- Data for review:

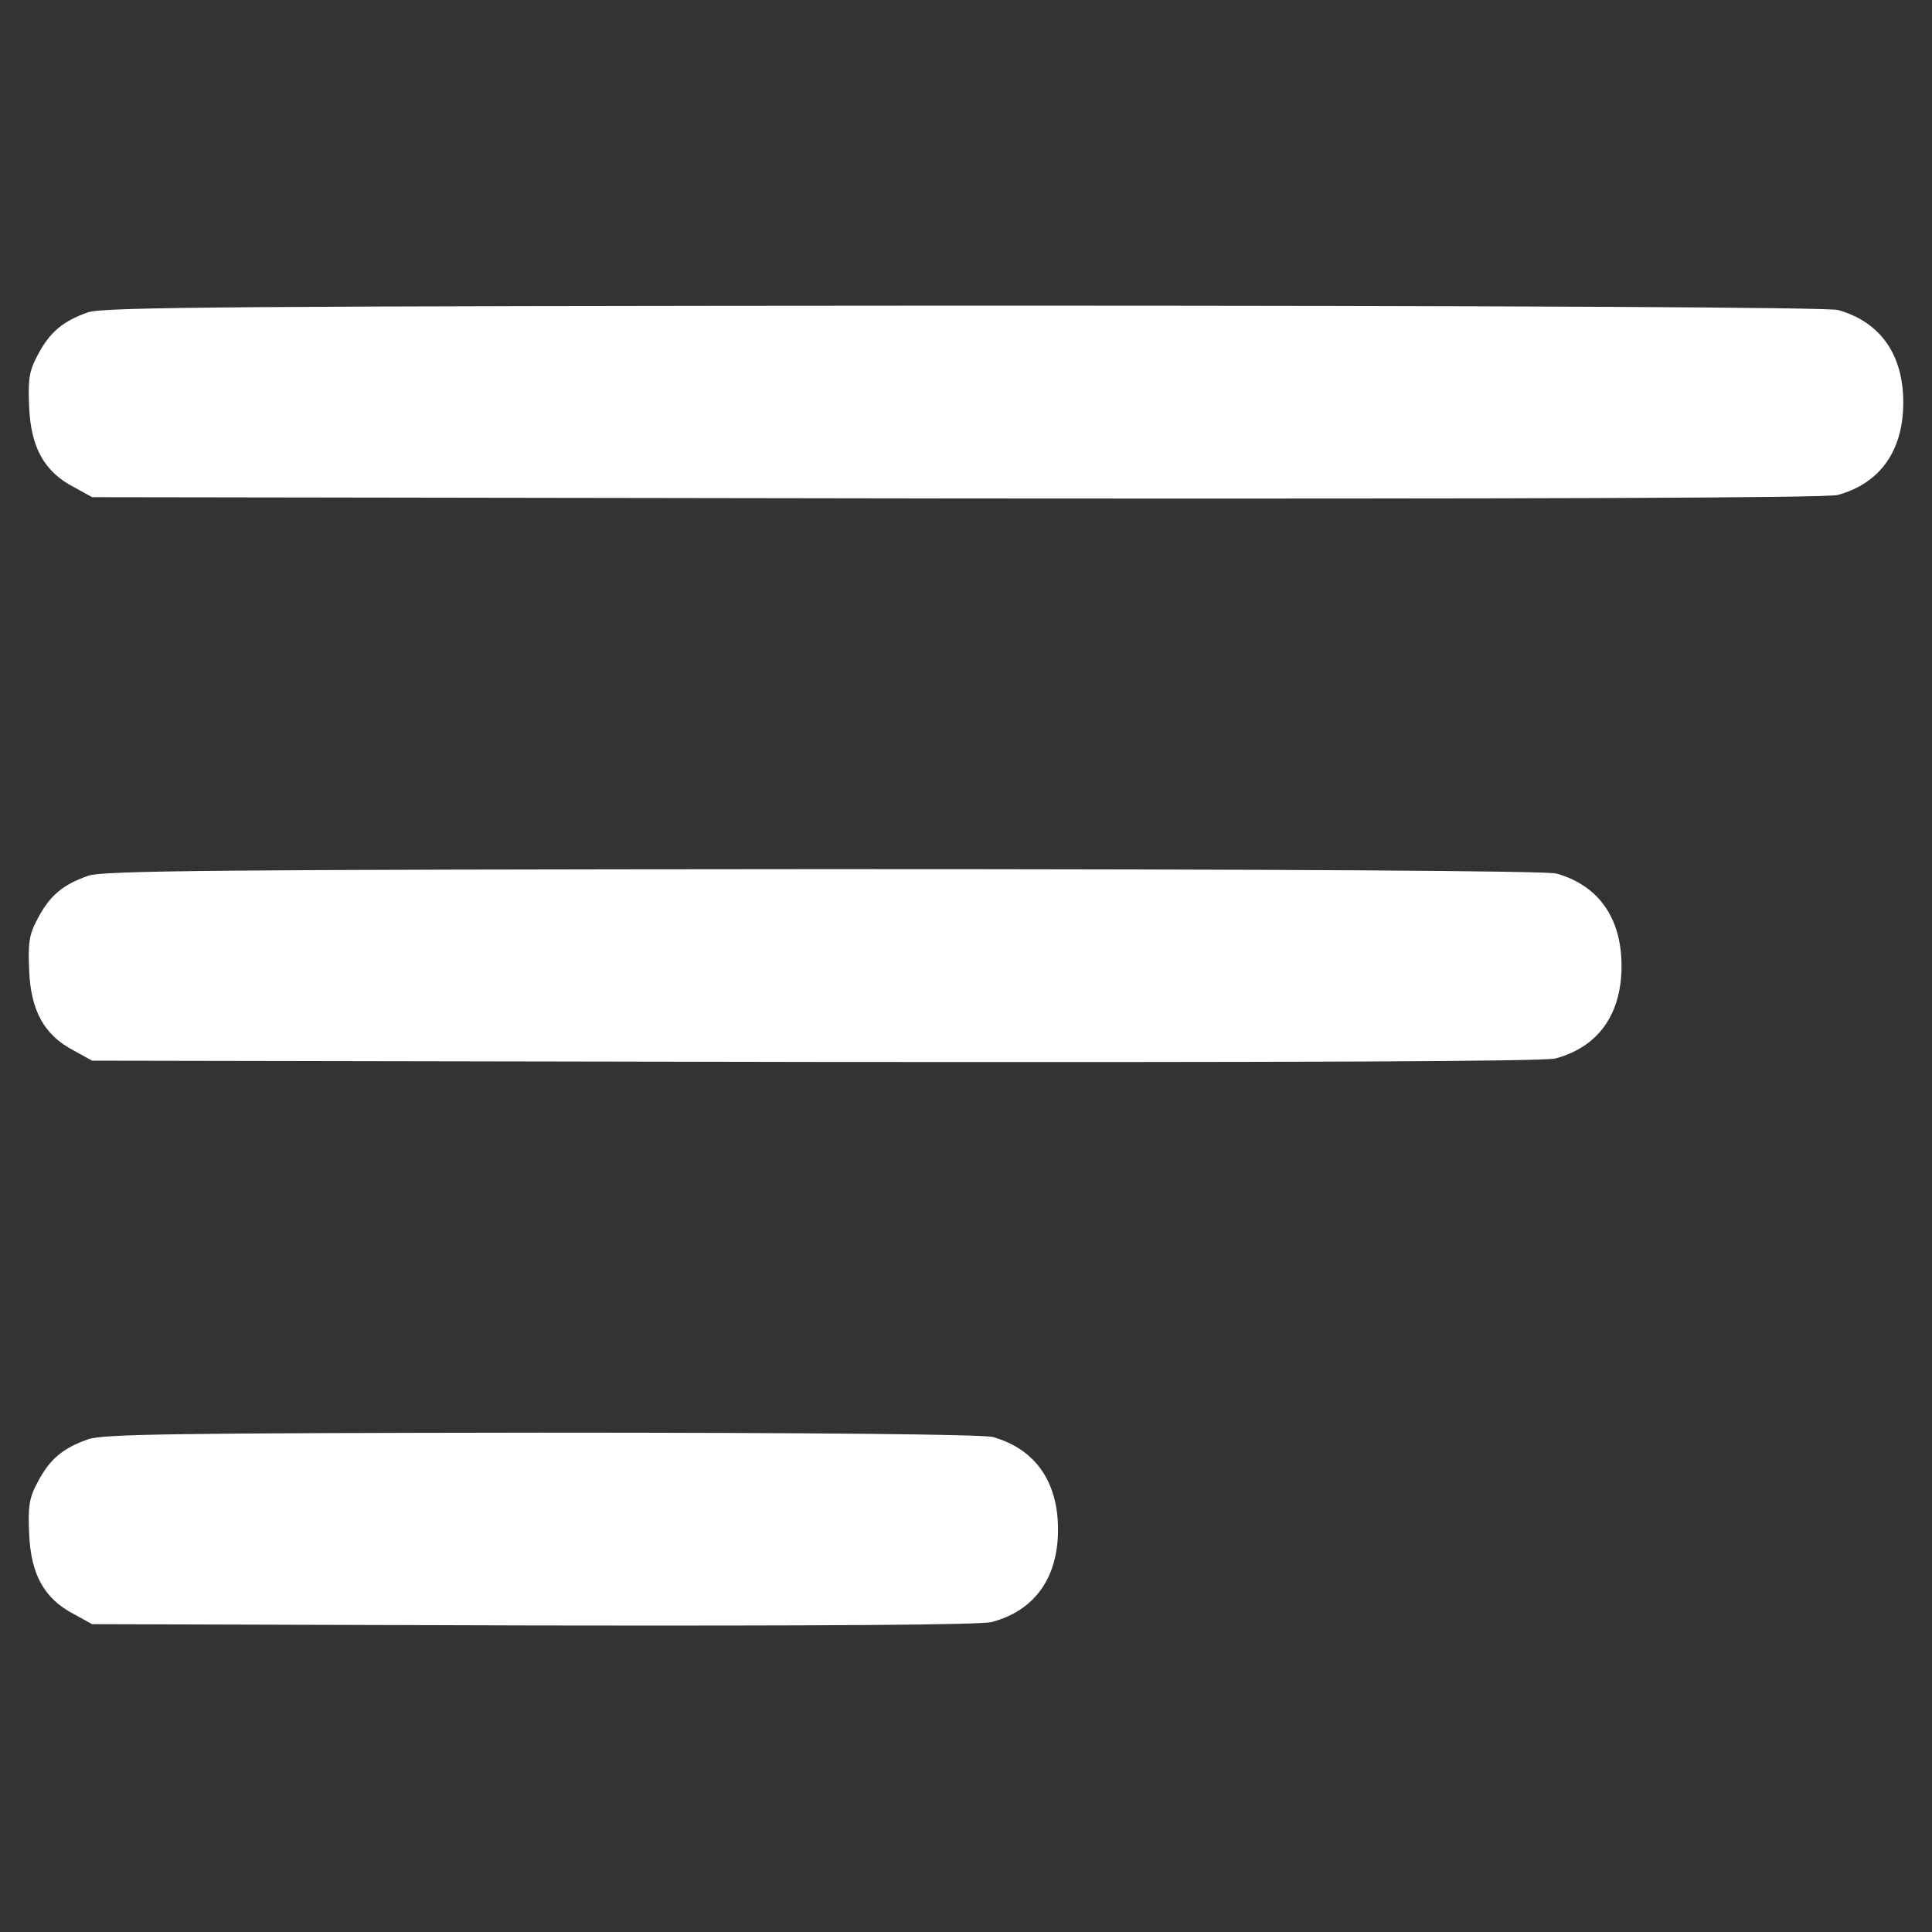 <svg width="30" height="30" viewBox="0 0 30 30" fill="none" xmlns="http://www.w3.org/2000/svg">
<rect x="0" y="0" width="30" height="30" fill="#333333" stroke="none"/>
<path d="M1.369 4.849C0.979 4.985 0.774 5.156 0.59 5.505C0.453 5.758 0.433 5.881 0.453 6.325C0.48 6.947 0.686 7.323 1.144 7.562L1.431 7.72L14.856 7.74C23.709 7.747 28.364 7.733 28.535 7.686C29.191 7.508 29.554 7.002 29.554 6.25C29.554 5.505 29.198 4.999 28.542 4.814C28.378 4.773 23.695 4.746 14.966 4.746C3.7 4.753 1.595 4.767 1.369 4.849Z" fill="white"/>
<path d="M1.369 13.599C0.979 13.735 0.774 13.906 0.59 14.255C0.453 14.508 0.433 14.631 0.453 15.075C0.48 15.697 0.686 16.073 1.144 16.312L1.431 16.47L12.662 16.49C20.065 16.497 23.989 16.483 24.153 16.436C24.816 16.258 25.179 15.752 25.179 15C25.179 14.255 24.823 13.749 24.167 13.564C24.01 13.523 20.038 13.496 12.778 13.496C3.393 13.503 1.595 13.517 1.369 13.599Z" fill="white"/>
<path d="M1.369 22.349C0.979 22.485 0.774 22.656 0.59 23.005C0.453 23.258 0.433 23.381 0.453 23.825C0.48 24.447 0.686 24.823 1.144 25.062L1.431 25.22L8.287 25.24C12.778 25.247 15.239 25.233 15.403 25.186C16.066 25.008 16.429 24.502 16.429 23.75C16.429 23.005 16.073 22.499 15.417 22.314C15.26 22.273 12.737 22.246 8.403 22.246C2.77 22.253 1.588 22.267 1.369 22.349Z" fill="white"/>
</svg>

- Your goal:
Every line from the line containing "4.849C0.979 4.985 0.774" to the last line of the material above must be repeated exactly, and no other line.

- Expected output:
<path d="M1.369 4.849C0.979 4.985 0.774 5.156 0.59 5.505C0.453 5.758 0.433 5.881 0.453 6.325C0.48 6.947 0.686 7.323 1.144 7.562L1.431 7.72L14.856 7.74C23.709 7.747 28.364 7.733 28.535 7.686C29.191 7.508 29.554 7.002 29.554 6.25C29.554 5.505 29.198 4.999 28.542 4.814C28.378 4.773 23.695 4.746 14.966 4.746C3.7 4.753 1.595 4.767 1.369 4.849Z" fill="white"/>
<path d="M1.369 13.599C0.979 13.735 0.774 13.906 0.59 14.255C0.453 14.508 0.433 14.631 0.453 15.075C0.48 15.697 0.686 16.073 1.144 16.312L1.431 16.47L12.662 16.49C20.065 16.497 23.989 16.483 24.153 16.436C24.816 16.258 25.179 15.752 25.179 15C25.179 14.255 24.823 13.749 24.167 13.564C24.01 13.523 20.038 13.496 12.778 13.496C3.393 13.503 1.595 13.517 1.369 13.599Z" fill="white"/>
<path d="M1.369 22.349C0.979 22.485 0.774 22.656 0.59 23.005C0.453 23.258 0.433 23.381 0.453 23.825C0.48 24.447 0.686 24.823 1.144 25.062L1.431 25.22L8.287 25.24C12.778 25.247 15.239 25.233 15.403 25.186C16.066 25.008 16.429 24.502 16.429 23.75C16.429 23.005 16.073 22.499 15.417 22.314C15.26 22.273 12.737 22.246 8.403 22.246C2.77 22.253 1.588 22.267 1.369 22.349Z" fill="white"/>
</svg>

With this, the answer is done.